PostgreSQL Installation and Custom Data Directory on Amazon Linux 2:





Overview

In this article we will install PostgreSQL on an AWS EC2 instance with the Amazon Linux 2 AMI. Furthermore, we will be moving the PostgreSQL data directory from its default location to an attached Elastic Block Storage (EBS) Volume that is mounted at /data/. The EBS has already been mounted to the EC2 instance

Installing PostgreSQL

There are a lot of good resources out there that I followed to learn how to do this but none of them on their own describe the entire process (at least on the Amazon Linux 2 OS).

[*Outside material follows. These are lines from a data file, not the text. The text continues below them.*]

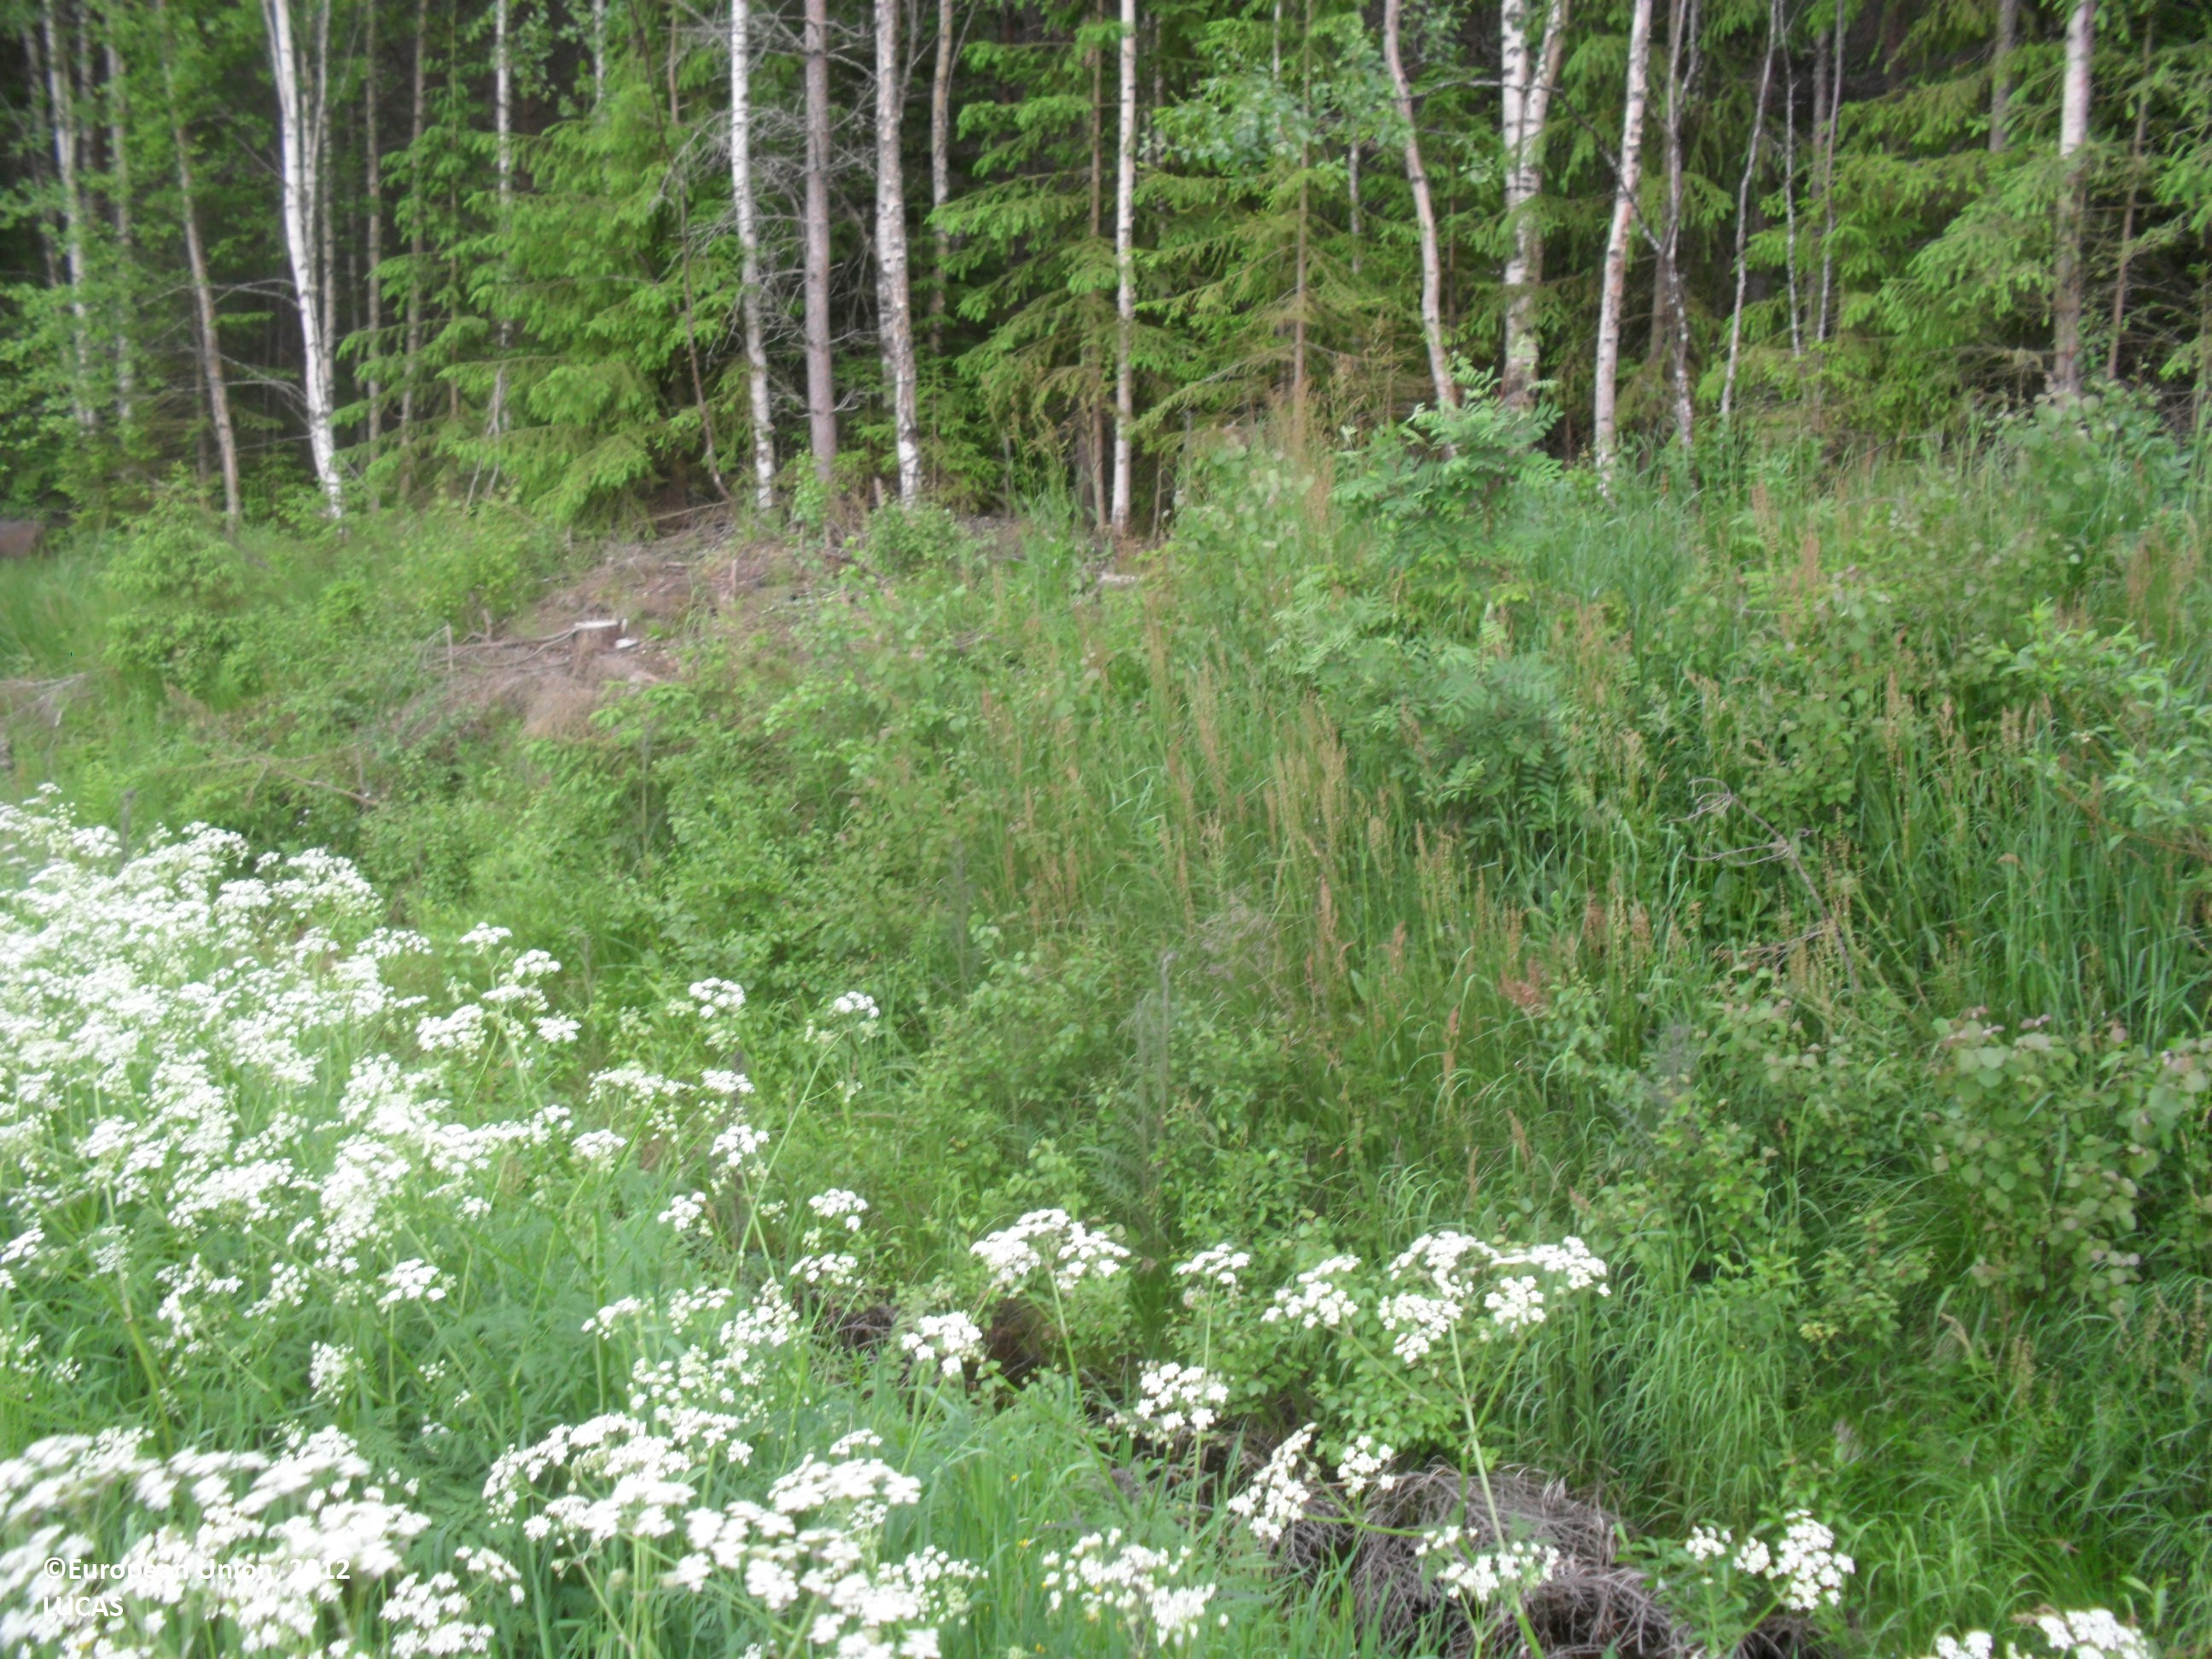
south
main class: Grassland
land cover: Grassland without tree/shrub cover
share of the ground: > 75 %
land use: Agriculture (excluding fallow land and kitchen gardens)
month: June
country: FI
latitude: 63.4831
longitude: 23.1257

In general I followed these three tutorials from Digital Ocean How To Move a PostgreSQL Data Directory to a New Location on Ubuntu 16.04, How To Use PostgreSQL with your Django Application on Ubuntu 14.04, How To Install and Use PostgreSQL on Ubuntu 16.04; this tutorial on basic PostgreSQL installation and functionality from linode that involves the Centos OS which is similar to the Amazon Linux 2 we are using, How to Install PostgreSQL Relational Databases on CentOS 7; and finally this blog post that addresses how to change the data directory location, Configure Customized Data Directory for Postgresql on Ubuntu 14.04. Additionally we are going to be using the systemd service manager and its command systemctl quite a bit here, its really not within the scope of what I'm trying to show here but a good overview is available from Digital Ocean and from the [Fedora Project][9]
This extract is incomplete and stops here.